Let $Q \equiv (0,2\pi)^3\subseteq \mathbb{R}^3$ be a 3-dim domain, $\Omega=(0,a)\times Q$, a>0.

$\textbf{Navier-stokes problem}$ is to find unknowns: a speed vector $u(t) = (u_1(t,x), u_2(t,x), u_3(t,x))$ and a scalar pressure function $p(t,x)$ at the points $x\in Q$ and time $t\in (0,a)$ satisfying the system of the equations

...

initial $$ u(t,x)\vert_{t=0} =0$$

...

But the problem that stated by the Clay Mathematics Institute was, see http://www.claymath.org/sites/default/files/navierstokes.pdf,

$\textbf{(B) Existence and smoothness of Navier–Stokes solutions in $\mathbb{R}^3/\mathbb{Z}^3$.}$ ... Let $u^0$ be any smooth, divergence-free vector field satisfying $u^0(x+e_j) = u^0(x)$; we take $f(x, t)$ to be identically zero. Then there exist smooth functions $p(x,t)$, $u_i(x,t)$ on $\mathbb{R}^3 \times[0,\infty)$. that ...

So my question is:

1) Can the $a>0$ in his proof be $\infty$? Or is it enough to prove the problem for arbitrary $a>0$?

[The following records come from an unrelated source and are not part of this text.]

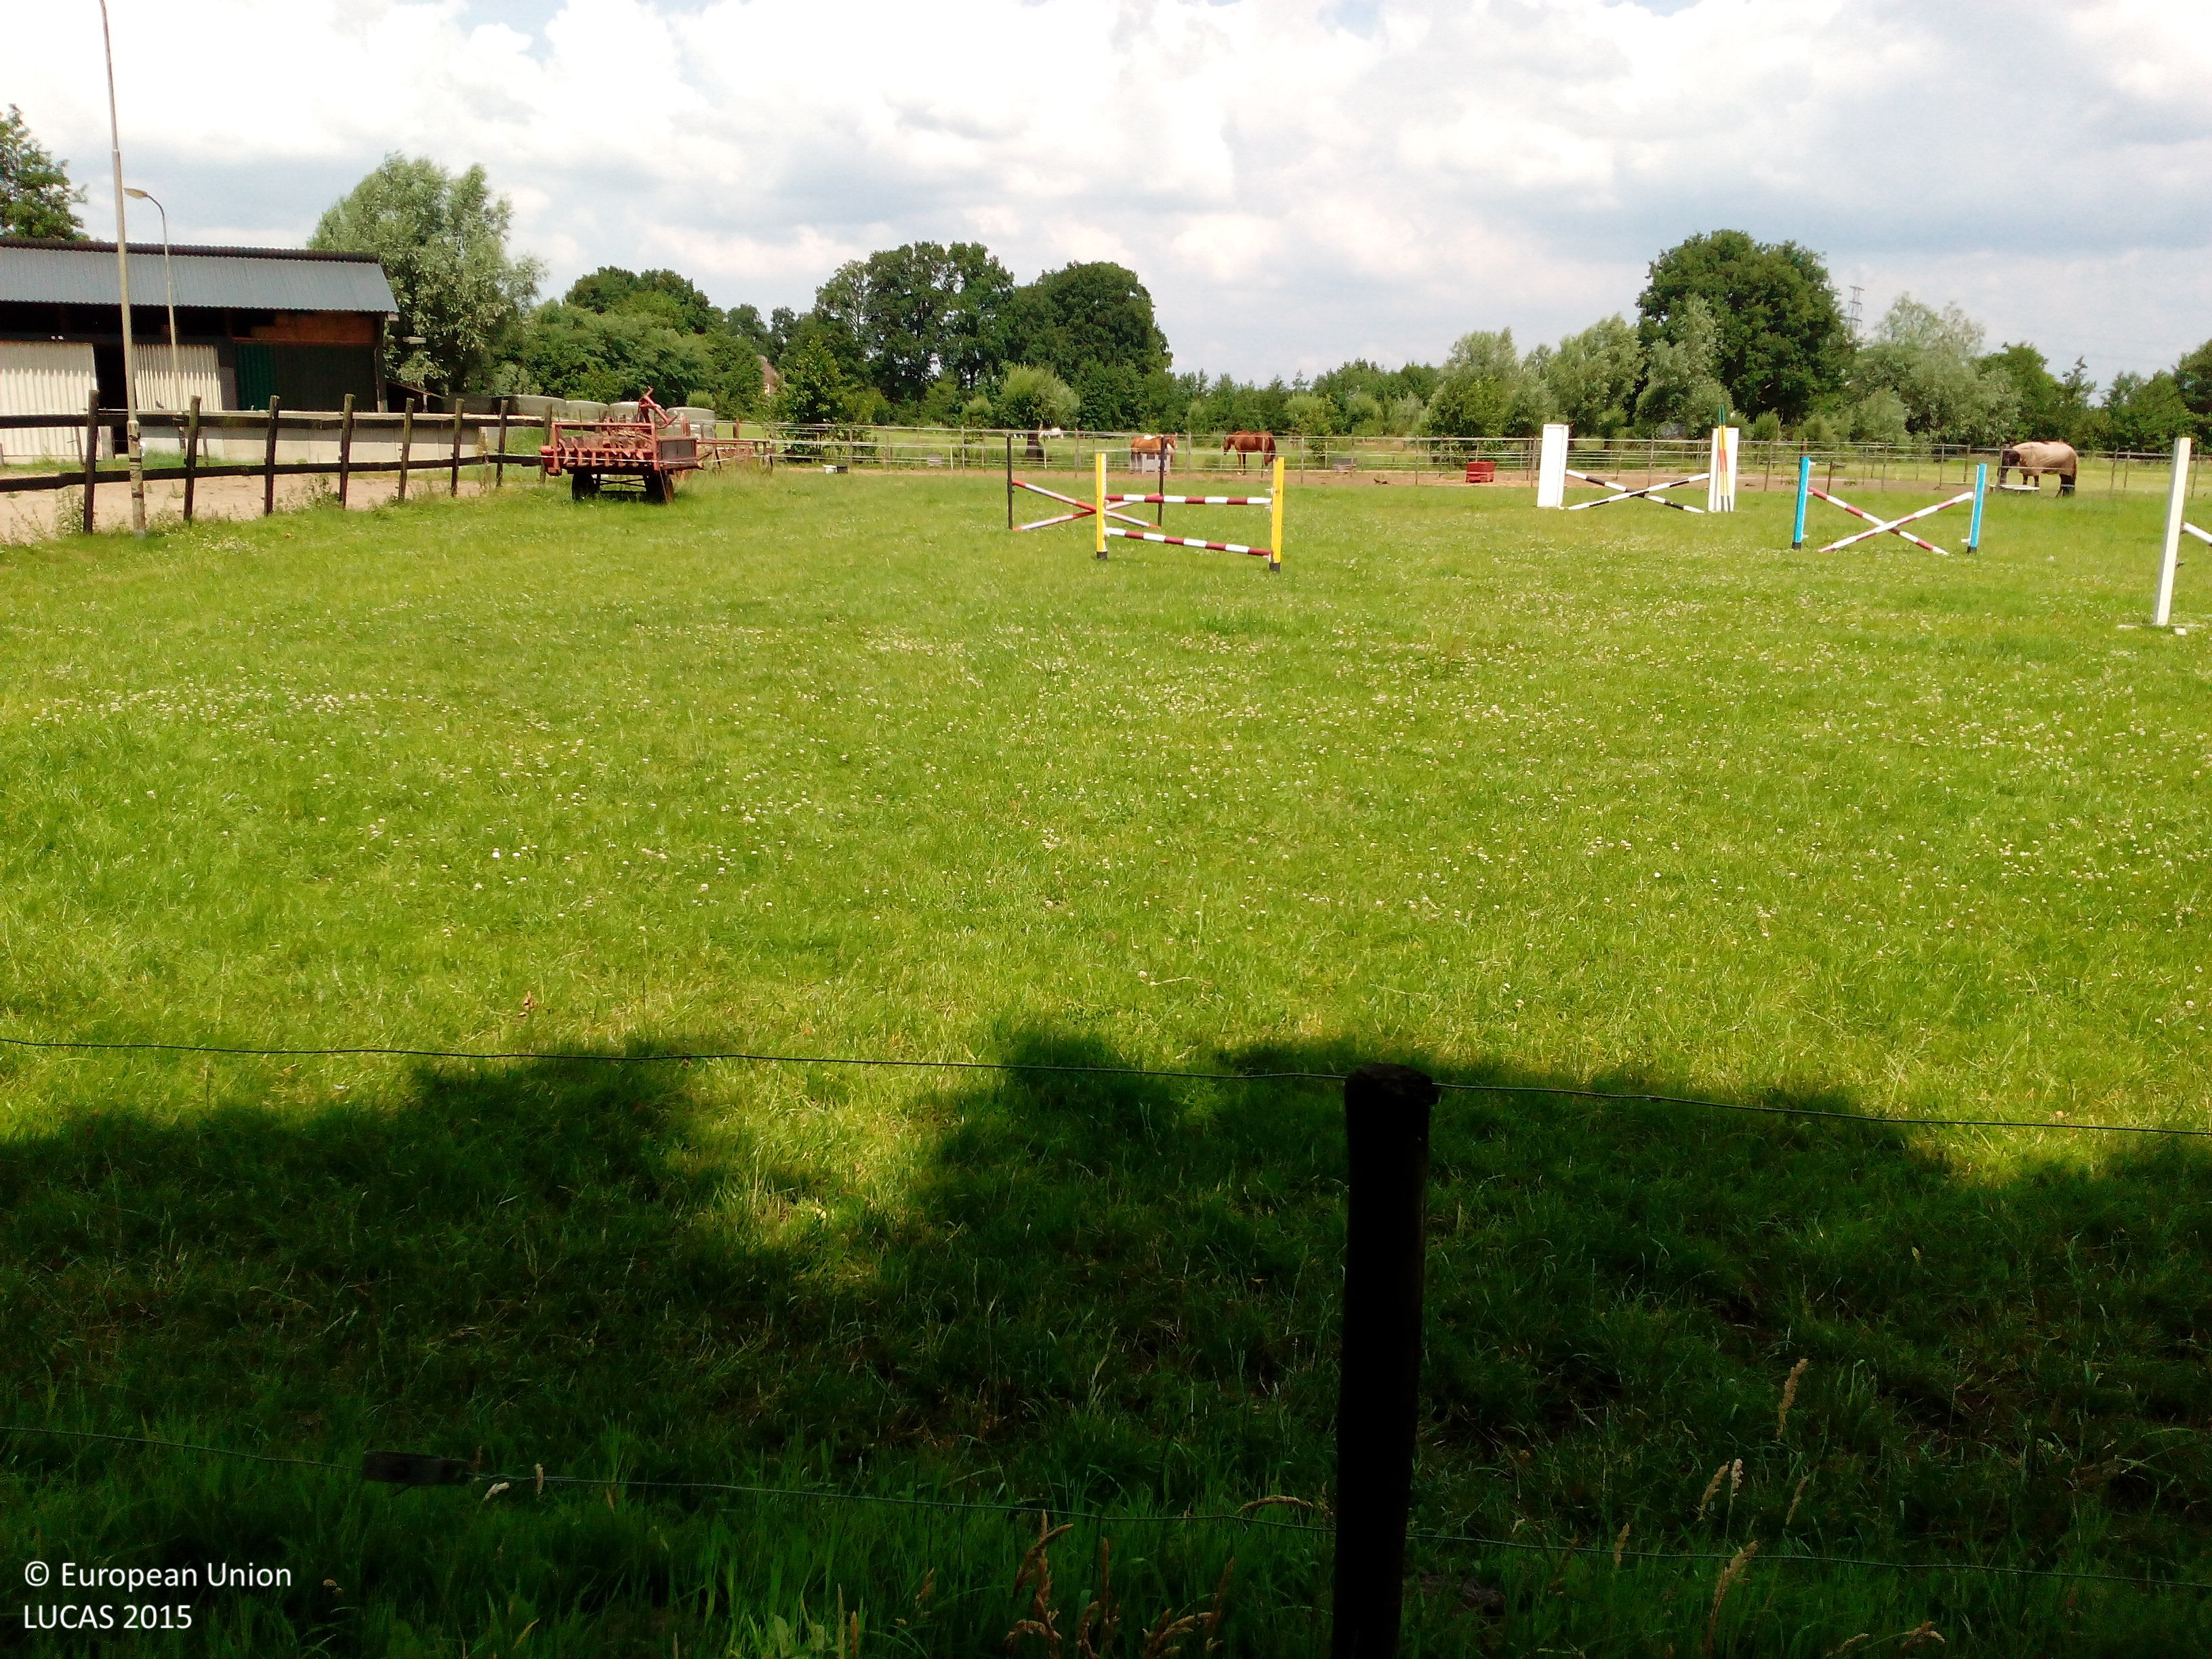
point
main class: Grassland
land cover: Grassland without tree/shrub cover
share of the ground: > 75 %
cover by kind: herbaceous plants 100 %
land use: Agriculture (excluding fallow land and kitchen gardens)
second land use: Sport
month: June
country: NL
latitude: 52.2204
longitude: 5.5045
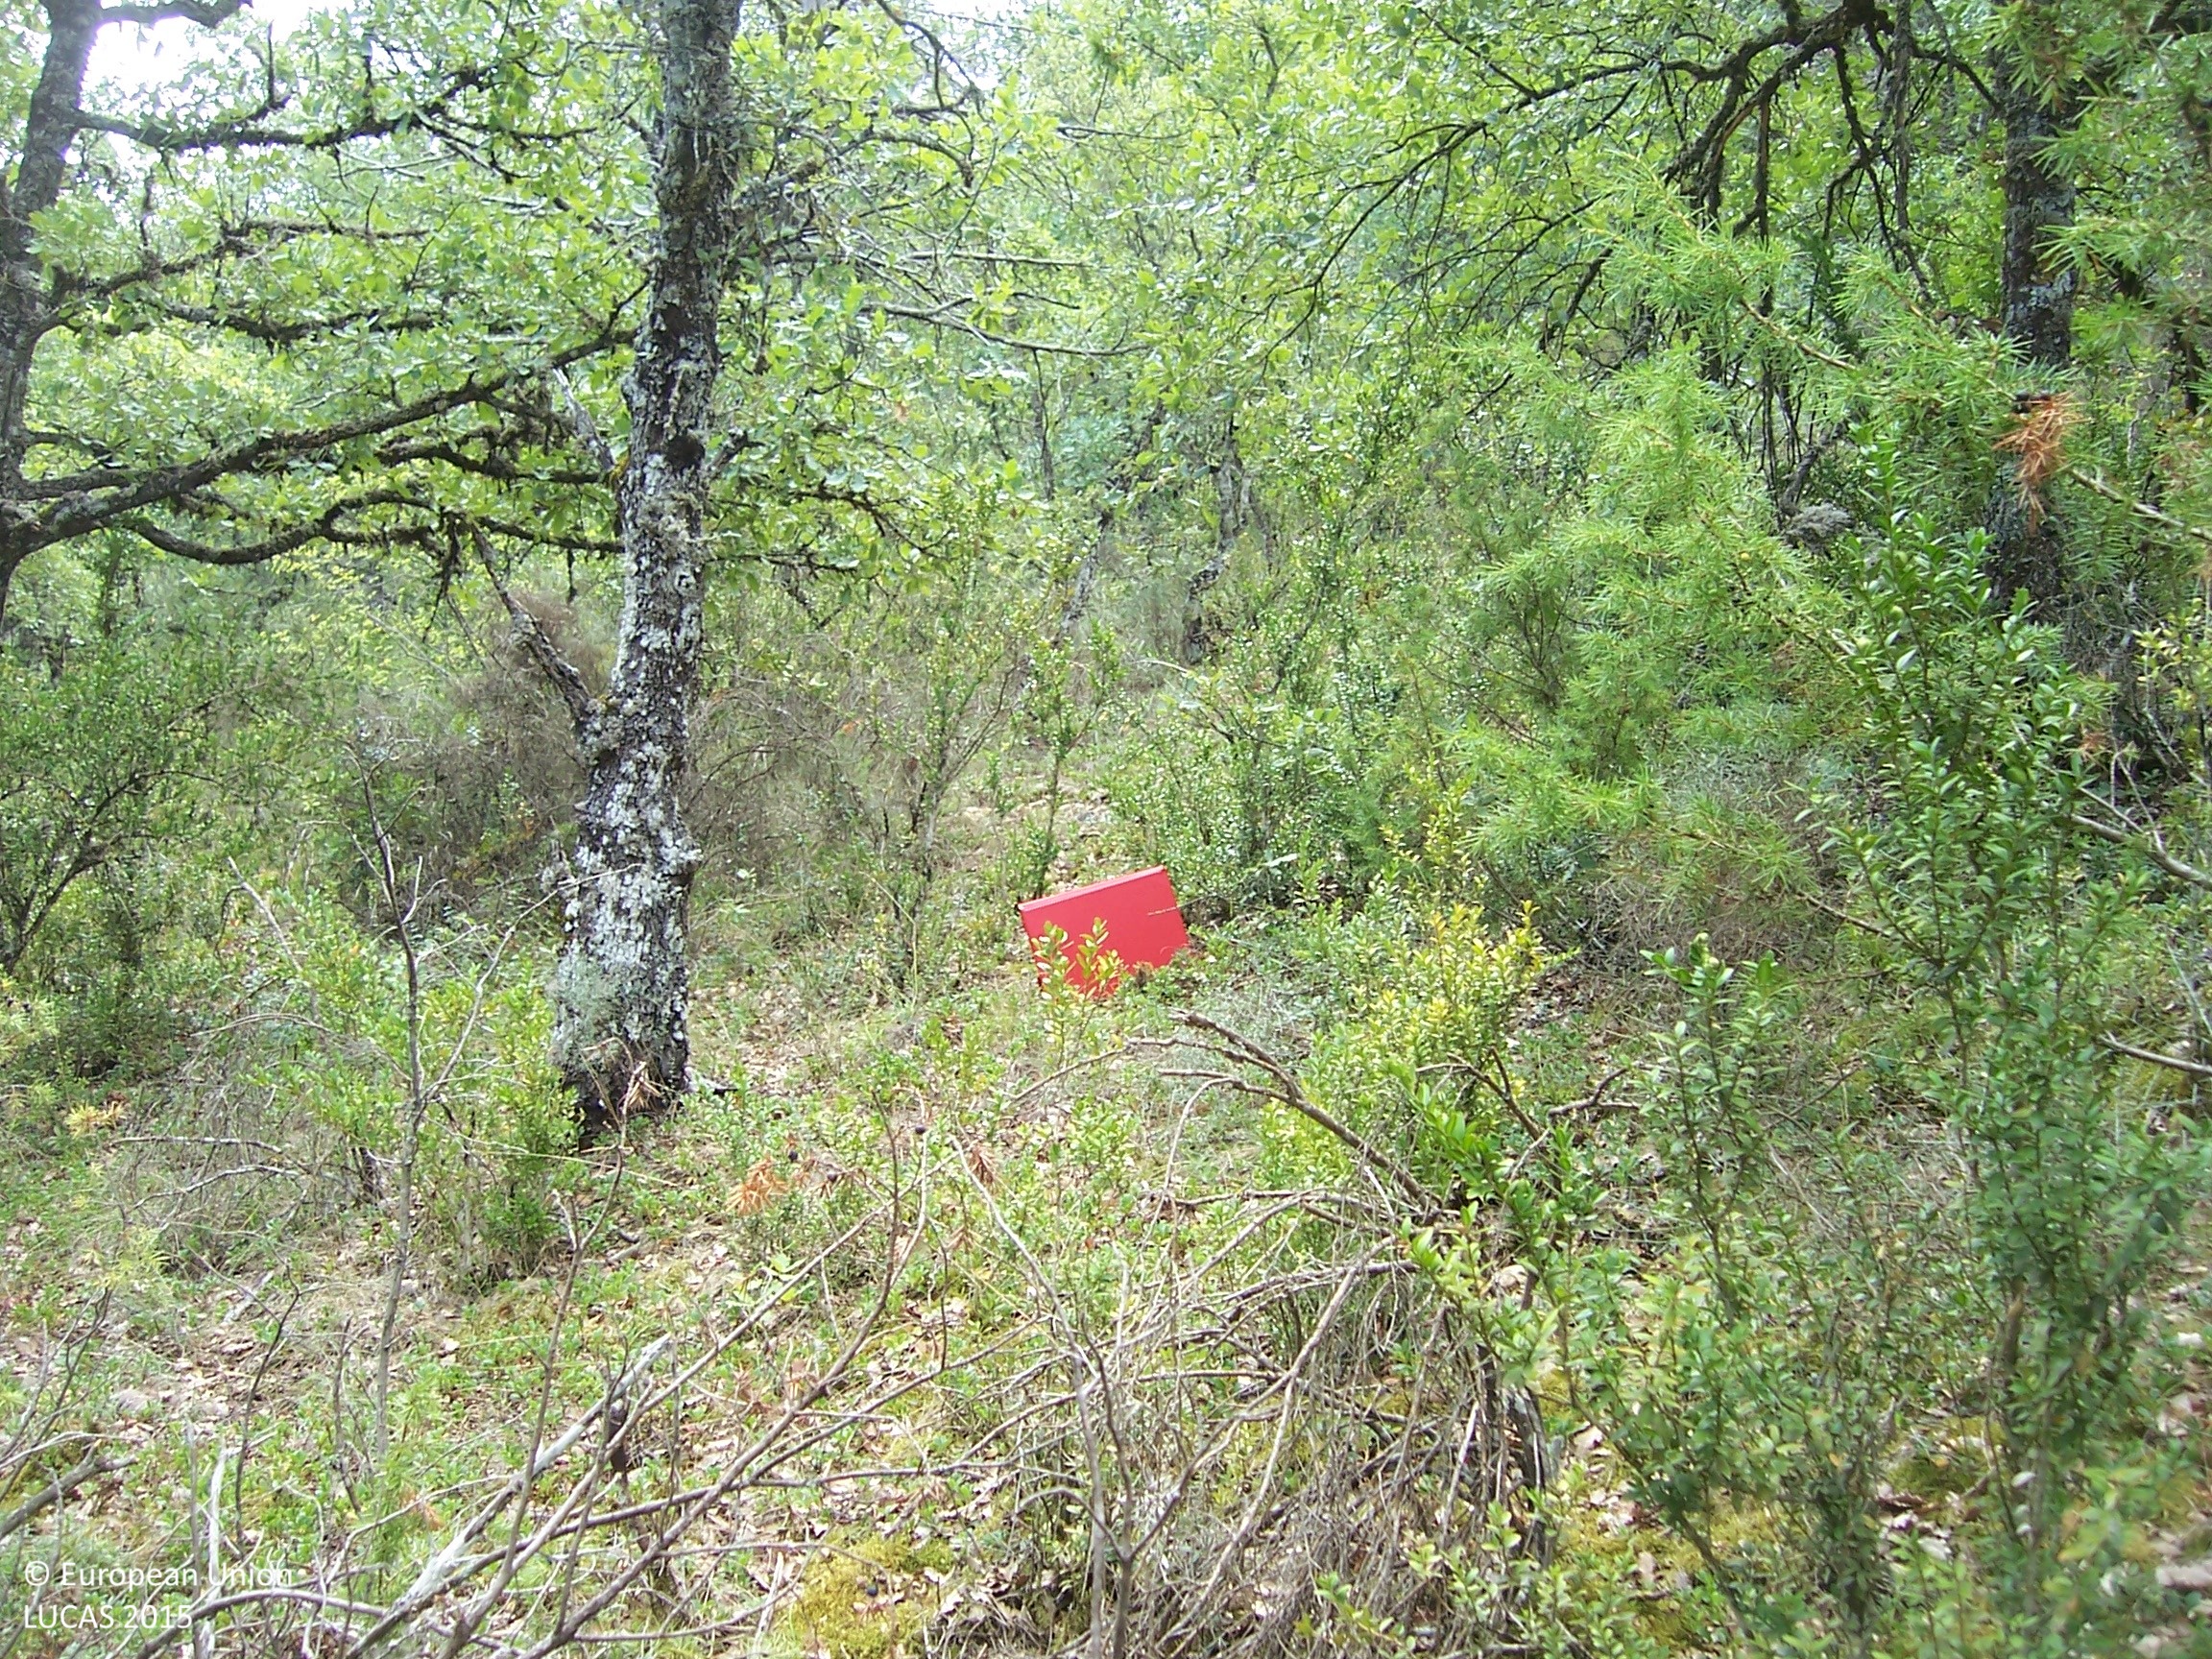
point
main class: Woodland
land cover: Broadleaved woodland
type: broadleaved evergreen forest
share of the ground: > 75 %
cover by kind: broadleaved forest trees 80 %, shrubs 10 %, herbaceous plants 10 %
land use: Semi-natural and natural areas not in use
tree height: > 5 m
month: August
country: ES
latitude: 42.0587
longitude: 0.4735
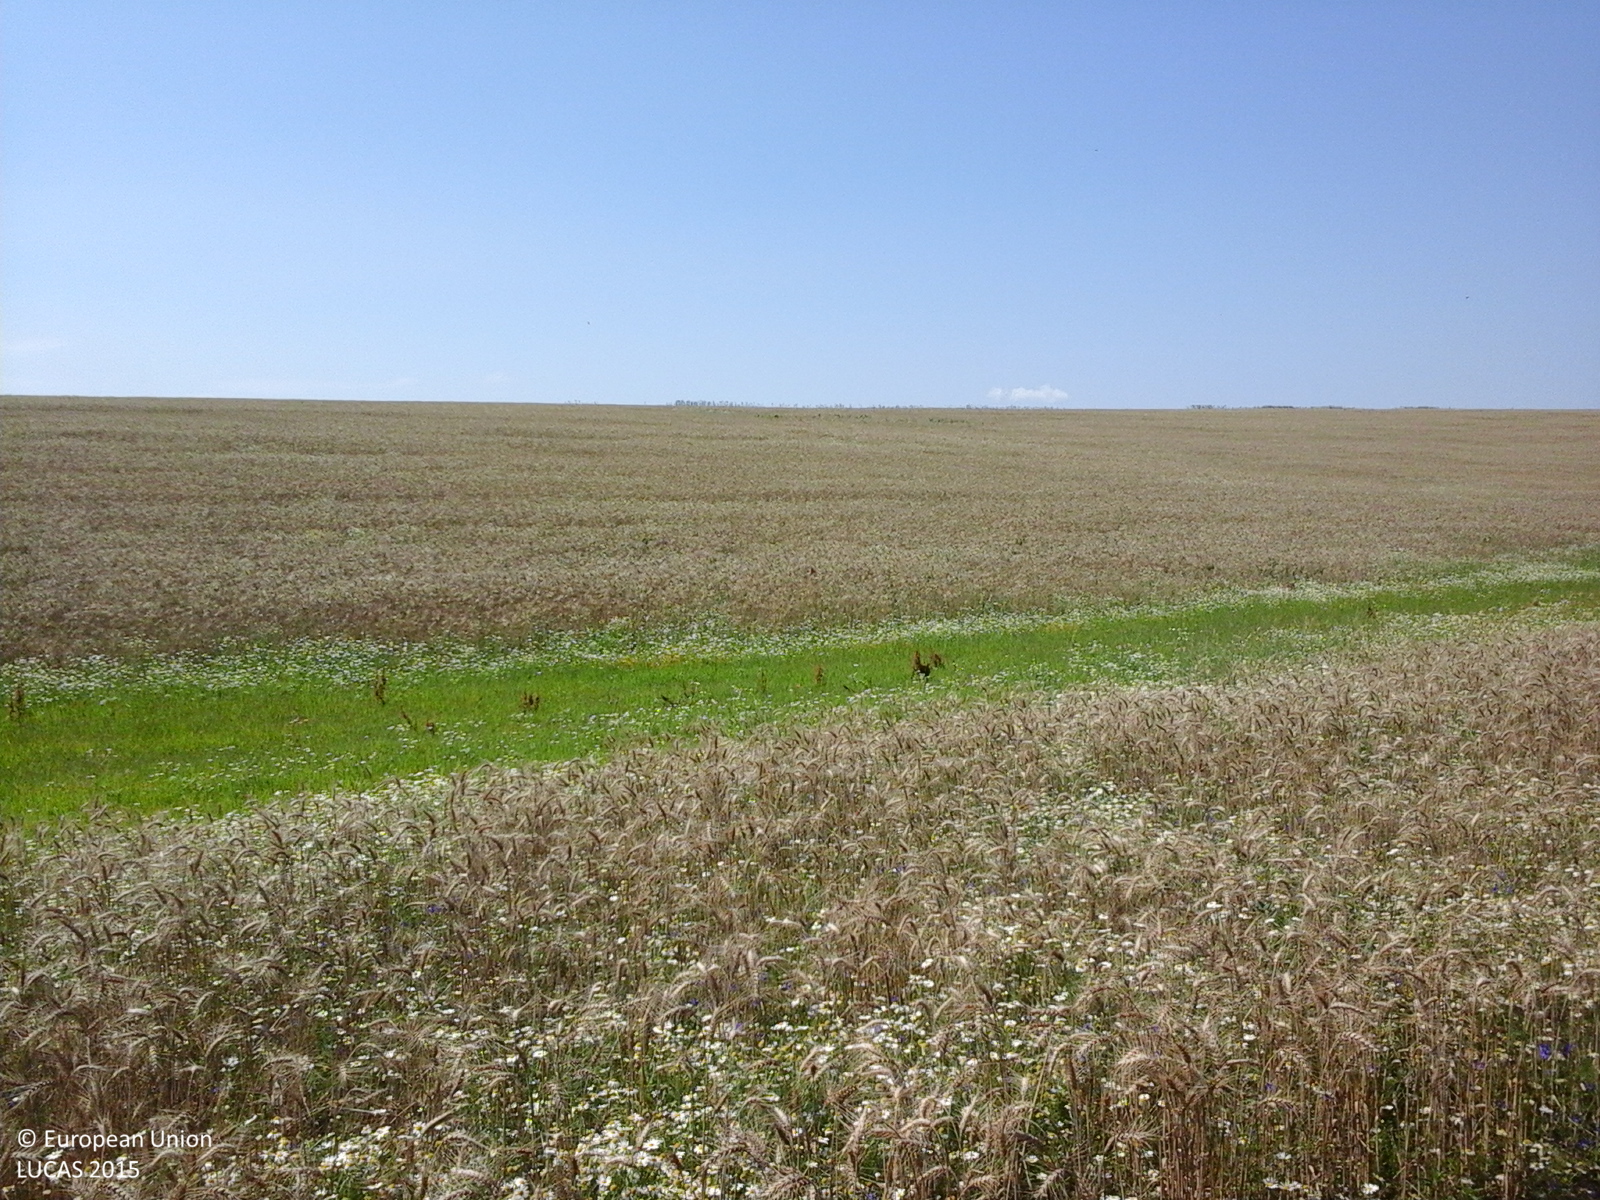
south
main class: Cropland
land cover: Common wheat
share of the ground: > 75 %
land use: Agriculture (excluding fallow land and kitchen gardens)
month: July
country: RO
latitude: 44.1730
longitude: 24.8459

2) Is there any theory that can turn the problem with arbitrary initial value $u^0$ (of course satisfying some condition) into a problem with initial value being $0$?

3) The problem that formulated by the Clay Institute assumes $f\equiv 0$. Prof Otelbaev proved his result for all $f\in L_2(\Omega)$. Is this result much stronger?

Update: There is an article stating that the $L_2$ estimate is not enough to solve the problem. (in Spanish)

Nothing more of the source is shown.